OpenAI stressed that while the tool was an improvement on past iterations, it was still “not fully reliable.” The tool correctly identified 26 percent of artificially generated text but falsely flagged 9 percent of text from humans as computer generated.
The OpenAI tool is burdened with common flaws in detection programs: It struggles with short texts and writing that is not in English. In educational settings, plagiarism-detection tools such as TurnItIn have been accused of inaccurately classifying essays written by students as being generated by chatbots.
Detection tools inherently lag behind the generative technology they are trying to detect. By the time a defense system is able to recognize the work of a new chatbot or image generator, like Google Bard or Midjourney, developers are already coming up with a new iteration that can evade that defense.

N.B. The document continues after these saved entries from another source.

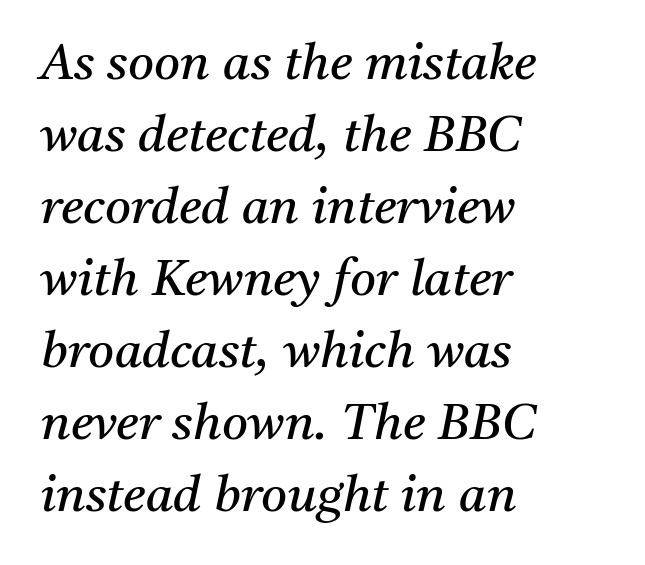
Q: Is the text bold? A: No.
Q: Is the text italic (slanted)? A: Yes, it leans right by about 11 degrees.
Q: Is the typeface a serif or a sans-serif typeface? A: Serif.
Q: Is the text underlined? A: No.
Q: How is the paragraph aligned? A: Left-aligned.
Q: Is the spacing between letters normal or unusually wide? A: Normal.
Q: Is the spacing between lines tight, normal or loose? A: Normal.
Q: Width (condensed, normal, or wide)? A: Normal.
Q: Stroke contrast? A: Medium.
Q: x-height? A: Medium.
Q: Monospaced? A: No.

The situation has been described as an arms race or a virus-antivirus relationship where one begets the other, over and over.

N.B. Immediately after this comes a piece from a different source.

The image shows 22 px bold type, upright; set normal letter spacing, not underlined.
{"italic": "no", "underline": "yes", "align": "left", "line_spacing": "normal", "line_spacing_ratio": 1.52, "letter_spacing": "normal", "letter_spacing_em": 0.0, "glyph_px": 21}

“When Midjourney releases Midjourney 5, my starter gun goes off, and I start working to catch up — and while I’m doing that, they’re working on Midjourney 6,” said Hany Farid, a professor of computer science at the University of California, Berkeley, who specializes in digital forensics and is also involved in the A.I. detection industry. “It’s an inherently adversarial game where as I work on the detector, somebody is building a better mousetrap, a better synthesizer.”
Despite the constant catch-up, many companies have seen demand for A.I. detection from schools and educators, said Joshua Tucker, a professor of politics at New York University and a co-director of its Center for Social Media and Politics. He questioned whether a similar market would emerge ahead of the 2024 election.